Note that since every entry on every row of this hidden column is the same number, then it is also referred to as the Constant column.
Next to the column of 1s, the software places into the data matrix the first column specified in the list of regression predictors. So in the example below, columns \(X_1\)=MnJanTemp, …,\(X_8\)=NorthIsland are shown. (This makes 9 columns in all).
If only predictors \(X_2\)=Lat, \(X_6\)=Height and \(X_1\)=MnJanTemp were included in the model (in that order), the data matrix would have the column of 1s, the column of \(X_2\) values, the column of \(X_6\) values, and finally the column of \(X_1\) values, in that order.
The regression parameters \(\beta_0, \beta_1, ….,\beta_8\) are similarly treated by the software as being arranged in an orderly fashion, in a matrix consisting of a single column of numbers. (A matrix with one column is called a (column) vector).
The Y values are similarly treated as a vector (one-column matrix of numbers in their particular order).

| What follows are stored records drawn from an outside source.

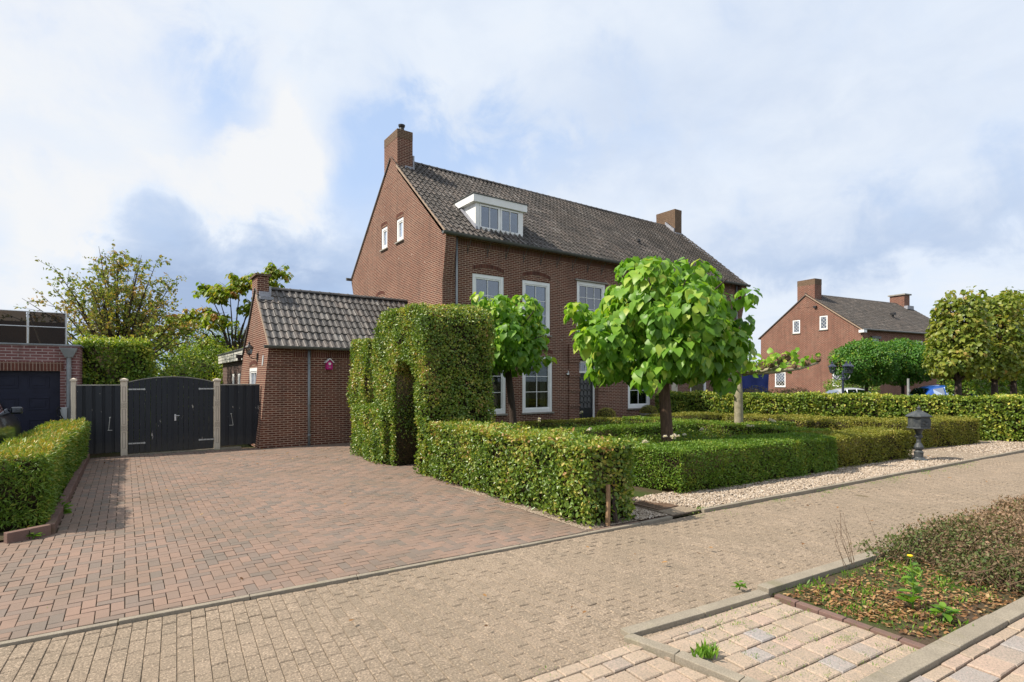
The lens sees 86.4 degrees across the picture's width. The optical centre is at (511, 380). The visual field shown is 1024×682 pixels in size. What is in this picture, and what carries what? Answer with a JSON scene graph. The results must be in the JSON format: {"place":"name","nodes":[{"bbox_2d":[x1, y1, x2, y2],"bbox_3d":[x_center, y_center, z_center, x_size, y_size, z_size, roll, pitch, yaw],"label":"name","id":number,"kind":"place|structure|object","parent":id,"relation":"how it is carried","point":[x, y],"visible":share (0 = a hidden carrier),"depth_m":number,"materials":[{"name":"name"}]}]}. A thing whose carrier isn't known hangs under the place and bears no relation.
{"place":"outdoors","nodes":[
{"label":"outdoors","id":0,"kind":"place"},
{"bbox_2d":[0,475,72,539],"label":"yew bed","id":1,"kind":"object","parent":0,"point":[1,535],"visible":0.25,"depth_m":6.97,"materials":[{"name":"brown plant"}]},
{"bbox_2d":[0,441,65,532],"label":"yew hedge","id":2,"kind":"object","parent":1,"relation":"on","point":[30,483],"visible":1,"depth_m":7.15,"materials":[{"name":"green plant"}]},
{"bbox_2d":[0,417,91,498],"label":"yew hedge","id":3,"kind":"object","parent":1,"relation":"on","point":[71,436],"visible":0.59,"depth_m":10.43,"materials":[{"name":"green plant"}]},
{"bbox_2d":[0,443,700,641],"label":"driveway","id":4,"kind":"structure","parent":0,"point":[299,533],"depth_m":7.24,"materials":[{"name":"red brick"}]},
{"bbox_2d":[0,394,22,443],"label":"parked car","id":5,"kind":"object","parent":4,"relation":"on","point":[10,426],"visible":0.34,"depth_m":10.77,"materials":[{"name":"black paint"}]},
{"bbox_2d":[61,501,73,513],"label":"weed plant","id":6,"kind":"object","parent":4,"relation":"on","point":[68,510],"visible":0.52,"depth_m":8.20,"materials":[{"name":"green plant"}]},
{"bbox_2d":[70,378,76,418],"bbox_3d":[-11.176,0.968,13.895,0.140,2.065,0.140,0,0,-35],"label":"fence post","id":7,"kind":"object","parent":4,"relation":"on","point":[73,397],"visible":0.56,"depth_m":13.86,"materials":[{"name":"beige concrete"}]},
{"bbox_2d":[120,378,127,455],"bbox_3d":[-10.320,0.968,14.503,0.190,2.065,0.190,0,0,-35],"label":"fence post","id":8,"kind":"object","parent":4,"relation":"on","point":[124,417],"visible":0.97,"depth_m":14.45,"materials":[{"name":"beige concrete"}]},
{"bbox_2d":[76,384,119,453],"bbox_3d":[-10.743,1.004,14.175,0.910,1.792,0.145,0,0,-35],"label":"board fence","id":9,"kind":"object","parent":8,"relation":"attached to","point":[98,406],"visible":0.87,"depth_m":14.18,"materials":[{"name":"black wood"}]},
{"bbox_2d":[127,376,240,455],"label":"arched gate","id":10,"kind":"structure","parent":8,"relation":"attached to","point":[161,413],"depth_m":15.09,"materials":[{"name":"black wood"}]},
{"bbox_2d":[213,378,220,449],"bbox_3d":[-8.534,0.968,15.771,0.190,2.065,0.190,0,0,-35],"label":"fence post","id":11,"kind":"object","parent":4,"relation":"on","point":[216,413],"visible":1,"depth_m":15.70,"materials":[{"name":"beige concrete"}]},
{"bbox_2d":[220,384,259,445],"bbox_3d":[-8.028,1.004,16.103,1.050,1.792,0.145,0,0,-35],"label":"board fence","id":12,"kind":"object","parent":11,"relation":"attached to","point":[239,408],"visible":0.98,"depth_m":16.06,"materials":[{"name":"black wood"}]},
{"bbox_2d":[240,273,407,448],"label":"brick outbuilding","id":13,"kind":"structure","parent":4,"relation":"on","point":[296,338],"depth_m":17.07,"materials":[{"name":"brown brick"}]},
{"bbox_2d":[245,342,257,360],"bbox_3d":[-8.250,-0.899,17.260,0.393,0.638,0.230,0,0,-35],"label":"wall lantern","id":14,"kind":"object","parent":13,"relation":"attached to","point":[251,347],"depth_m":17.22,"materials":[{"name":"black metal"}]},
{"bbox_2d":[250,368,256,383],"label":"window","id":15,"kind":"structure","parent":13,"relation":"in","point":[253,371],"depth_m":17.97,"materials":[{"name":"white paint"}]},
{"bbox_2d":[324,358,333,369],"bbox_3d":[-5.704,-0.515,17.001,0.260,0.350,0.210,0,0,-35],"label":"birdhouse","id":16,"kind":"object","parent":13,"relation":"attached to","point":[328,362],"visible":1,"depth_m":16.95,"materials":[{"name":"paint"}]},
{"bbox_2d":[346,338,378,445],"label":"hedge column","id":17,"kind":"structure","parent":4,"relation":"on","point":[360,382],"depth_m":15.36,"materials":[{"name":"green plant"}]},
{"bbox_2d":[349,402,391,463],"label":"clipped hedge","id":18,"kind":"object","parent":4,"relation":"on","point":[370,426],"visible":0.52,"depth_m":13.49,"materials":[{"name":"green plant"}]},
{"bbox_2d":[368,302,495,475],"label":"hedge arch","id":19,"kind":"structure","parent":4,"relation":"on","point":[433,363],"depth_m":12.08,"materials":[{"name":"green plant"}]},
{"bbox_2d":[454,487,657,529],"bbox_3d":[0.602,1.994,9.171,1.600,0.001,3.740,0,0,-35],"label":"hedge foot bed","id":20,"kind":"object","parent":4,"relation":"on","point":[562,519],"visible":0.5,"depth_m":7.98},
{"bbox_2d":[422,415,636,528],"bbox_3d":[-0.041,1.384,9.634,1.114,1.298,5.216,0,0,-35],"label":"clipped hedge","id":21,"kind":"object","parent":20,"relation":"on","point":[571,473],"visible":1,"depth_m":8.41,"materials":[{"name":"green plant"}]},
{"bbox_2d":[605,484,610,525],"bbox_3d":[1.325,1.720,7.525,0.067,0.565,0.105,0,0,26],"label":"hedge stake","id":22,"kind":"object","parent":20,"relation":"on","point":[607,511],"visible":1,"depth_m":7.50,"materials":[{"name":"brown wood"}]},
{"bbox_2d":[633,496,700,515],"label":"drain slab","id":23,"kind":"structure","parent":4,"relation":"on","point":[678,510],"depth_m":8.29,"materials":[{"name":"concrete"}]},
{"bbox_2d":[633,499,677,509],"bbox_3d":[2.257,1.971,8.654,0.460,0.016,0.560,0,0,-35],"label":"drain grate","id":24,"kind":"object","parent":23,"relation":"on","point":[655,505],"visible":0.94,"depth_m":8.62,"materials":[{"name":"metal"}]},
{"bbox_2d":[90,432,699,518],"bbox_3d":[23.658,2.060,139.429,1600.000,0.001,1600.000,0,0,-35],"label":"ground","id":25,"kind":"structure","parent":0,"point":[119,453],"depth_m":15.35,"materials":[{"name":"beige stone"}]},
{"bbox_2d":[0,309,83,432],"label":"brick garage","id":26,"kind":"structure","parent":25,"relation":"on","point":[41,363],"depth_m":14.07,"materials":[{"name":"brown brick"}]},
{"bbox_2d":[0,371,59,432],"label":"sectional door","id":27,"kind":"structure","parent":26,"relation":"in","point":[37,392],"depth_m":13.96,"materials":[{"name":"blue paint"}]},
{"bbox_2d":[4,454,89,543],"bbox_3d":[-8.494,1.949,10.284,0.488,0.170,8.588,0,0,-35],"label":"bed edging","id":28,"kind":"object","parent":25,"relation":"on","point":[50,527],"visible":0.76,"depth_m":7.27,"materials":[{"name":"brick"}]},
{"bbox_2d":[13,240,203,362],"bbox_3d":[-15.225,-1.488,20.830,5.881,6.976,6.165,0,0,-12],"label":"garden tree","id":29,"kind":"object","parent":25,"relation":"on","point":[138,322],"visible":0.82,"depth_m":19.94,"materials":[{"name":"green plant"}]},
{"bbox_2d":[71,333,155,448],"bbox_3d":[-12.030,0.355,16.496,2.116,3.441,2.138,0,0,-35],"label":"clipped hedge","id":30,"kind":"object","parent":25,"relation":"on","point":[105,360],"visible":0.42,"depth_m":15.83,"materials":[{"name":"green plant"}]},
{"bbox_2d":[153,349,215,431],"bbox_3d":[-13.141,0.487,21.109,3.360,3.443,3.567,0,0,-35],"label":"garden shrub","id":31,"kind":"object","parent":25,"relation":"on","point":[189,372],"visible":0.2,"depth_m":21.00,"materials":[{"name":"green plant"}]},
{"bbox_2d":[153,333,231,382],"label":"garden shrub","id":32,"kind":"object","parent":25,"relation":"on","point":[211,372],"visible":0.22,"depth_m":25.61,"materials":[{"name":"green plant"}]},
{"bbox_2d":[167,320,244,360],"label":"garden shrub","id":33,"kind":"object","parent":25,"relation":"on","point":[238,330],"visible":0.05,"depth_m":33.05,"materials":[{"name":"plant"}]},
{"bbox_2d":[148,260,293,368],"bbox_3d":[-15.899,-2.216,29.259,8.230,8.432,3.927,0,0,-3],"label":"magnolia tree","id":34,"kind":"object","parent":25,"relation":"on","point":[218,294],"visible":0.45,"depth_m":29.38,"materials":[{"name":"green plant"}]},
{"bbox_2d":[210,344,242,383],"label":"garden shrub","id":35,"kind":"object","parent":25,"relation":"on","point":[220,366],"depth_m":25.72,"materials":[{"name":"green plant"}]},
{"bbox_2d":[217,348,242,383],"bbox_3d":[-9.405,0.420,23.614,5.500,3.160,6.600,0,0,-35],"label":"flat roof extension","id":36,"kind":"object","parent":25,"relation":"on","point":[231,361],"visible":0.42,"depth_m":22.30,"materials":[{"name":"brick"}]},
{"bbox_2d":[0,516,672,647],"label":"driveway kerb","id":37,"kind":"structure","parent":25,"relation":"on","point":[121,621],"depth_m":5.20,"materials":[{"name":"concrete"}]},
{"bbox_2d":[624,634,760,681],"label":"bay kerb","id":38,"kind":"structure","parent":25,"relation":"on","point":[690,661],"depth_m":3.90,"materials":[{"name":"concrete"}]},
{"bbox_2d":[620,589,768,635],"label":"bay kerb","id":39,"kind":"structure","parent":25,"relation":"on","point":[670,620],"depth_m":4.63,"materials":[{"name":"concrete"}]},
{"bbox_2d":[742,374,768,392],"bbox_3d":[14.616,0.588,33.725,3.668,2.816,1.860,0,0,-15],"label":"covered trailer","id":40,"kind":"object","parent":25,"relation":"on","point":[748,380],"visible":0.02,"depth_m":32.92,"materials":[{"name":"blue fabric"}]},
{"bbox_2d":[742,385,785,393],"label":"garden shrub","id":41,"kind":"object","parent":25,"relation":"on","point":[755,390],"visible":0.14,"depth_m":31.00,"materials":[{"name":"green plant"}]},
{"bbox_2d":[778,387,825,397],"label":"garden shrub","id":42,"kind":"object","parent":25,"relation":"on","point":[789,390],"visible":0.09,"depth_m":31.80,"materials":[{"name":"green plant"}]},
{"bbox_2d":[826,388,871,398],"bbox_3d":[23.486,1.244,36.978,4.300,1.512,2.050,0,0,0],"label":"parked car","id":43,"kind":"object","parent":25,"relation":"on","point":[849,390],"visible":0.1,"depth_m":36.31,"materials":[{"name":"silver metal"}]},
{"bbox_2d":[758,278,942,394],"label":"brick house","id":44,"kind":"structure","parent":25,"relation":"on","point":[813,320],"depth_m":56.70,"materials":[{"name":"brown brick"}]},
{"bbox_2d":[775,372,785,387],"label":"window","id":45,"kind":"structure","parent":44,"relation":"in","point":[779,377],"depth_m":59.67,"materials":[{"name":"white paint"}]},
{"bbox_2d":[793,320,800,333],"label":"window","id":46,"kind":"structure","parent":44,"relation":"in","point":[796,323],"depth_m":57.98,"materials":[{"name":"white paint"}]},
{"bbox_2d":[818,315,827,330],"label":"window","id":47,"kind":"structure","parent":44,"relation":"in","point":[823,319],"depth_m":55.23,"materials":[{"name":"white paint"}]},
{"bbox_2d":[774,594,926,648],"bbox_3d":[2.800,2.049,4.581,0.079,0.105,1.226,0,0,-32],"label":"bed edging","id":48,"kind":"object","parent":25,"relation":"on","point":[804,606],"visible":0.38,"depth_m":4.58,"materials":[{"name":"brick"}]},
{"bbox_2d":[822,378,880,392],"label":"garden shrub","id":49,"kind":"object","parent":25,"relation":"on","point":[836,384],"visible":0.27,"depth_m":38.05,"materials":[{"name":"green plant"}]},
{"bbox_2d":[701,449,1023,512],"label":"garden kerb","id":50,"kind":"structure","parent":25,"relation":"on","point":[768,498],"depth_m":10.28,"materials":[{"name":"concrete"}]},
{"bbox_2d":[827,337,902,392],"bbox_3d":[21.462,-0.325,32.929,4.344,4.656,3.965,0,0,-35],"label":"acacia tree","id":51,"kind":"object","parent":25,"relation":"on","point":[867,364],"visible":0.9,"depth_m":32.04,"materials":[{"name":"green plant"}]},
{"bbox_2d":[757,504,1021,595],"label":"bay kerb","id":52,"kind":"structure","parent":25,"relation":"on","point":[771,587],"depth_m":5.58,"materials":[{"name":"concrete"}]},
{"bbox_2d":[878,337,936,394],"bbox_3d":[24.162,-0.360,33.703,3.789,4.726,3.889,0,0,-35],"label":"acacia tree","id":53,"kind":"object","parent":25,"relation":"on","point":[913,371],"visible":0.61,"depth_m":32.66,"materials":[{"name":"green plant"}]},
{"bbox_2d":[857,597,1023,681],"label":"bay kerb","id":54,"kind":"structure","parent":25,"relation":"on","point":[923,660],"depth_m":4.06,"materials":[{"name":"concrete"}]},
{"bbox_2d":[909,385,977,395],"bbox_3d":[25.867,1.124,32.029,4.600,1.752,2.150,0,0,0],"label":"parked car","id":55,"kind":"object","parent":25,"relation":"on","point":[935,389],"visible":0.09,"depth_m":31.38,"materials":[{"name":"blue paint"}]},
{"bbox_2d":[936,377,1023,396],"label":"clipped hedge","id":56,"kind":"object","parent":25,"relation":"on","point":[978,387],"visible":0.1,"depth_m":31.52,"materials":[{"name":"green plant"}]},
{"bbox_2d":[0,452,1023,681],"bbox_3d":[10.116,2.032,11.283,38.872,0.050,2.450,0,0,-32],"label":"road","id":57,"kind":"structure","parent":0,"point":[425,623],"depth_m":4.92,"materials":[{"name":"beige brick"}]},
{"bbox_2d":[47,461,977,681],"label":"weeds","id":58,"kind":"object","parent":57,"relation":"on","point":[792,602],"visible":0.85,"depth_m":4.44,"materials":[{"name":"green plant"}]},
{"bbox_2d":[731,580,747,589],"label":"weed plant","id":59,"kind":"object","parent":57,"relation":"on","point":[740,585],"visible":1,"depth_m":5.20,"materials":[{"name":"green plant"}]},
{"bbox_2d":[0,0,1023,374],"label":"sky","id":60,"kind":"structure","parent":0,"point":[868,149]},
{"bbox_2d":[626,486,666,497],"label":"garden soil","id":61,"kind":"structure","parent":0,"point":[640,491],"depth_m":9.71,"materials":[{"name":"green plant"}]},
{"bbox_2d":[469,291,556,424],"bbox_3d":[-0.358,-0.301,16.692,3.039,4.621,3.245,0,0,20],"label":"catalpa tree","id":62,"kind":"object","parent":61,"relation":"on","point":[520,342],"visible":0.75,"depth_m":15.90,"materials":[{"name":"green plant"}]},
{"bbox_2d":[346,124,750,422],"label":"brick house","id":63,"kind":"structure","parent":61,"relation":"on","point":[434,235],"depth_m":21.59,"materials":[{"name":"brown brick"}]},
{"bbox_2d":[379,227,387,251],"bbox_3d":[-5.261,-5.853,22.570,0.190,0.955,0.720,0,0,-35],"label":"window","id":64,"kind":"structure","parent":63,"relation":"in","point":[384,231],"depth_m":22.66,"materials":[{"name":"white paint"}]},
{"bbox_2d":[395,217,403,243],"bbox_3d":[-4.352,-5.853,21.290,0.190,0.955,0.740,0,0,-35],"label":"window","id":65,"kind":"structure","parent":63,"relation":"in","point":[400,221],"depth_m":21.41,"materials":[{"name":"white paint"}]},
{"bbox_2d":[472,273,503,302],"bbox_3d":[-0.879,-2.755,19.568,1.340,2.030,0.090,0,0,-35],"label":"window","id":66,"kind":"structure","parent":63,"relation":"in","point":[491,286],"depth_m":19.56,"materials":[{"name":"white paint"}]},
{"bbox_2d":[487,369,507,415],"bbox_3d":[-0.987,0.177,19.780,1.550,2.195,0.740,0,0,-35],"label":"window","id":67,"kind":"structure","parent":63,"relation":"in","point":[499,386],"depth_m":19.94,"materials":[{"name":"white paint"}]},
{"bbox_2d":[522,280,551,336],"bbox_3d":[0.922,-2.728,20.797,1.440,2.085,0.190,0,0,-35],"label":"window","id":68,"kind":"structure","parent":63,"relation":"in","point":[540,291],"depth_m":21.02,"materials":[{"name":"white paint"}]},
{"bbox_2d":[521,356,553,414],"bbox_3d":[0.807,0.177,21.053,1.550,2.195,0.740,0,0,-35],"label":"window","id":69,"kind":"structure","parent":63,"relation":"in","point":[536,388],"depth_m":21.20,"materials":[{"name":"white paint"}]},
{"bbox_2d":[579,373,592,417],"bbox_3d":[3.011,0.710,22.449,0.840,2.020,0.074,0,0,-35],"label":"front door","id":70,"kind":"structure","parent":63,"relation":"in","point":[586,389],"depth_m":22.44,"materials":[{"name":"black paint"}]},
{"bbox_2d":[577,281,604,331],"bbox_3d":[3.231,-2.910,22.485,1.600,2.220,0.090,0,0,-35],"label":"window","id":71,"kind":"structure","parent":63,"relation":"in","point":[591,294],"depth_m":22.52,"materials":[{"name":"white paint"}]},
{"bbox_2d":[627,386,649,409],"bbox_3d":[5.614,0.177,24.128,1.550,2.195,0.190,0,0,-35],"label":"window","id":72,"kind":"structure","parent":63,"relation":"in","point":[635,400],"depth_m":24.09,"materials":[{"name":"white paint"}]},
{"bbox_2d":[672,383,677,391],"bbox_3d":[7.593,0.705,25.582,0.480,1.990,0.070,0,0,-35],"label":"side door","id":73,"kind":"structure","parent":63,"relation":"in","point":[674,388],"depth_m":25.56,"materials":[{"name":"beige paint"}]},
{"bbox_2d":[690,382,705,395],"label":"window","id":74,"kind":"structure","parent":63,"relation":"in","point":[699,387],"depth_m":26.74,"materials":[{"name":"white paint"}]},
{"bbox_2d":[496,416,624,428],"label":"box hedge","id":75,"kind":"object","parent":61,"relation":"on","point":[548,422],"visible":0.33,"depth_m":17.91,"materials":[{"name":"green plant"}]},
{"bbox_2d":[520,425,655,485],"bbox_3d":[0.623,1.591,13.048,1.060,0.859,6.606,0,0,-35],"label":"box hedge","id":76,"kind":"object","parent":61,"relation":"on","point":[638,443],"visible":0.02,"depth_m":10.90,"materials":[{"name":"green plant"}]},
{"bbox_2d":[522,419,657,428],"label":"rose bushes","id":77,"kind":"object","parent":61,"relation":"on","point":[600,423],"visible":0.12,"depth_m":17.13,"materials":[{"name":"green plant"}]},
{"bbox_2d":[596,407,616,417],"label":"shrub","id":78,"kind":"object","parent":61,"relation":"on","point":[604,412],"visible":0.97,"depth_m":20.61,"materials":[{"name":"green plant"}]},
{"bbox_2d":[534,420,697,440],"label":"box hedge","id":79,"kind":"object","parent":61,"relation":"on","point":[615,430],"visible":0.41,"depth_m":14.91,"materials":[{"name":"green plant"}]},
{"bbox_2d":[563,255,762,442],"bbox_3d":[3.449,-0.442,12.838,4.449,4.908,4.180,0,0,4],"label":"catalpa tree","id":80,"kind":"object","parent":61,"relation":"on","point":[662,326],"visible":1,"depth_m":11.80,"materials":[{"name":"green plant"}]},
{"bbox_2d":[645,411,724,420],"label":"box hedge","id":81,"kind":"object","parent":61,"relation":"on","point":[705,415],"visible":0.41,"depth_m":21.06,"materials":[{"name":"green plant"}]},
{"bbox_2d":[613,425,760,443],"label":"rose bushes","id":82,"kind":"object","parent":61,"relation":"on","point":[681,439],"visible":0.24,"depth_m":13.99,"materials":[{"name":"green plant"}]},
{"bbox_2d":[621,415,829,439],"bbox_3d":[5.919,1.590,16.291,1.033,0.873,6.487,0,0,-35],"label":"box hedge","id":83,"kind":"object","parent":61,"relation":"on","point":[757,428],"visible":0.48,"depth_m":15.46,"materials":[{"name":"green plant"}]},
{"bbox_2d":[632,431,838,492],"bbox_3d":[4.698,1.585,11.117,5.233,0.882,1.257,0,0,-31],"label":"box hedge","id":84,"kind":"object","parent":61,"relation":"on","point":[690,465],"visible":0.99,"depth_m":10.27,"materials":[{"name":"green plant"}]},
{"bbox_2d":[736,420,795,425],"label":"box hedge","id":85,"kind":"object","parent":61,"relation":"on","point":[785,423],"visible":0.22,"depth_m":16.15,"materials":[{"name":"green plant"}]},
{"bbox_2d":[731,347,836,422],"bbox_3d":[7.061,0.481,17.121,4.499,3.038,4.397,0,0,-35],"label":"plane tree","id":86,"kind":"object","parent":61,"relation":"on","point":[769,365],"visible":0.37,"depth_m":16.75,"materials":[{"name":"green plant"}]},
{"bbox_2d":[722,413,884,430],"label":"box hedge","id":87,"kind":"object","parent":61,"relation":"on","point":[824,422],"visible":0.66,"depth_m":18.12,"materials":[{"name":"green plant"}]},
{"bbox_2d":[653,390,1023,441],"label":"beech hedge","id":88,"kind":"object","parent":61,"relation":"on","point":[1001,416],"visible":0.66,"depth_m":19.62,"materials":[{"name":"green plant"}]},
{"bbox_2d":[795,426,912,467],"bbox_3d":[8.401,1.601,13.393,3.739,0.848,1.172,0,0,-29],"label":"box hedge","id":89,"kind":"object","parent":61,"relation":"on","point":[863,445],"visible":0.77,"depth_m":13.05,"materials":[{"name":"green plant"}]},
{"bbox_2d":[921,286,996,395],"bbox_3d":[17.519,-0.827,21.333,2.305,5.662,2.386,0,0,2],"label":"linden tree","id":90,"kind":"object","parent":61,"relation":"on","point":[959,352],"visible":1,"depth_m":20.88,"materials":[{"name":"green plant"}]},
{"bbox_2d":[640,405,657,416],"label":"shrub","id":91,"kind":"object","parent":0,"point":[646,410],"visible":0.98,"depth_m":22.76,"materials":[{"name":"green plant"}]},
{"bbox_2d":[522,597,1023,681],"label":"parking bay paving","id":92,"kind":"structure","parent":0,"point":[998,657],"depth_m":4.00,"materials":[{"name":"beige brick"}]},
{"bbox_2d":[626,440,1023,519],"bbox_3d":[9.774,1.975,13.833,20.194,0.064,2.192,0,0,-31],"label":"gravel","id":93,"kind":"structure","parent":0,"point":[752,490],"depth_m":10.59,"materials":[{"name":"beige gravel"}]},
{"bbox_2d":[95,448,986,625],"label":"fallen leaves","id":94,"kind":"object","parent":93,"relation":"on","point":[584,611],"visible":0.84,"depth_m":9.81,"materials":[{"name":"brown plant"}]},
{"bbox_2d":[849,414,979,448],"bbox_3d":[12.609,1.564,16.855,4.497,0.932,1.544,0,0,-22],"label":"box hedge","id":95,"kind":"object","parent":93,"relation":"on","point":[946,430],"visible":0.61,"depth_m":16.43,"materials":[{"name":"green plant"}]},
{"bbox_2d":[905,405,931,460],"bbox_3d":[10.092,1.297,13.526,0.536,1.366,0.428,0,0,-11],"label":"mailbox","id":96,"kind":"object","parent":93,"relation":"on","point":[919,421],"visible":1,"depth_m":13.44,"materials":[{"name":"grey metal"}]},
{"bbox_2d":[984,286,1023,394],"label":"linden tree","id":97,"kind":"object","parent":93,"relation":"on","point":[1013,386],"visible":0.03,"depth_m":24.28,"materials":[{"name":"green plant"}]},
{"bbox_2d":[828,361,854,394],"bbox_3d":[15.169,0.565,25.076,1.078,2.870,1.012,0,0,-35],"label":"lamp post","id":98,"kind":"object","parent":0,"point":[847,366],"visible":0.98,"depth_m":24.97,"materials":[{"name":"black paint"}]},
{"bbox_2d":[773,532,1023,644],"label":"planting bed","id":99,"kind":"object","parent":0,"point":[926,640],"visible":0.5,"depth_m":5.08,"materials":[{"name":"brown soil"}]},
{"bbox_2d":[690,558,1003,658],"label":"grass tufts","id":100,"kind":"object","parent":99,"relation":"on","point":[704,650],"visible":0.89,"depth_m":5.10,"materials":[{"name":"green plant"}]},
{"bbox_2d":[783,558,1023,637],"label":"fallen leaves","id":101,"kind":"object","parent":99,"relation":"on","point":[918,606],"visible":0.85,"depth_m":4.97,"materials":[{"name":"brown plant"}]},
{"bbox_2d":[895,554,923,608],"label":"weed plant","id":102,"kind":"object","parent":99,"relation":"on","point":[912,582],"visible":1,"depth_m":4.79,"materials":[{"name":"green plant"}]},
{"bbox_2d":[829,494,1023,596],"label":"shrub","id":103,"kind":"object","parent":99,"relation":"on","point":[1005,520],"visible":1,"depth_m":6.01,"materials":[{"name":"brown plant"}]},
{"bbox_2d":[928,602,961,621],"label":"weed plant","id":104,"kind":"object","parent":99,"relation":"on","point":[939,609],"visible":1,"depth_m":4.53,"materials":[{"name":"green plant"}]},
{"bbox_2d":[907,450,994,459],"bbox_3d":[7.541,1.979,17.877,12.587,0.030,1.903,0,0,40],"label":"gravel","id":105,"kind":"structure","parent":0,"point":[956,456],"depth_m":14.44,"materials":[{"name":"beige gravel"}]},
{"bbox_2d":[973,289,1023,395],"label":"linden tree","id":106,"kind":"object","parent":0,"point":[1007,355],"visible":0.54,"depth_m":22.10,"materials":[{"name":"green plant"}]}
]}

We denote them by just the column name Y.
With the data organised this way in the computer, the mathematics takes over. Mathematically, the linear regression model can be written using Matrix Algebra as \[Y = X \beta + \varepsilon\]
where \(\boldsymbol{\varepsilon}\) is a vector of errors.
Now as before, our task is to find the estimates of the intercept and slopes \(\beta_0, \beta_1, …,\beta_p\) to make the sum of squared errors as small as possible. (i.e. to minimise \(\varepsilon_1^2 +\varepsilon_2^2+ ...+\varepsilon_n^2\))
The extraordinarily nice thing about writing the problem in matrix terms is that some matrix algebra gives an immediate solution that is easily programmed.
\[ \boldsymbol{b} =(X^T X)^{-1} X^T \boldsymbol{y} \]
This holds for all sizes of problem, in terms of both the number of rows (observations) and columns (variables) in the X model matrix.
Remember that proviso (condition for validity of the solution): The columns of X must be linearly independent, or more accurately, not have any linear dependencies.
14.2 A note on the intercept
The other point worth noting about the formula \[\boldsymbol{b} =(X^TX)^{-1} X^T \boldsymbol{y} \] is that the intercept is not treated any differently to any other predictor variable - it is just represented by a column of numbers in the data matrix X (in this case a column with every number=1).
The significance of this fact is that exactly the same rules and formulas apply to estimating the intercept \(\beta_0\) as apply to estimating any other slope \(\beta_1,...,\beta_p\). So if you read a regression textbook or a paper that gives a formula based on the slopes, they won’t necessarily give a separate formula for the intercept.
In what follows, we will occasionally talk about the design matrix (or data matrix) if it is helpful for understanding the way the regression models have been created.
14.3 Nested Models
A linear model M1 is said to be nested within another model M2 if M1 can be recovered as a special case of M1 by setting the parameters of M2 to the necessary values.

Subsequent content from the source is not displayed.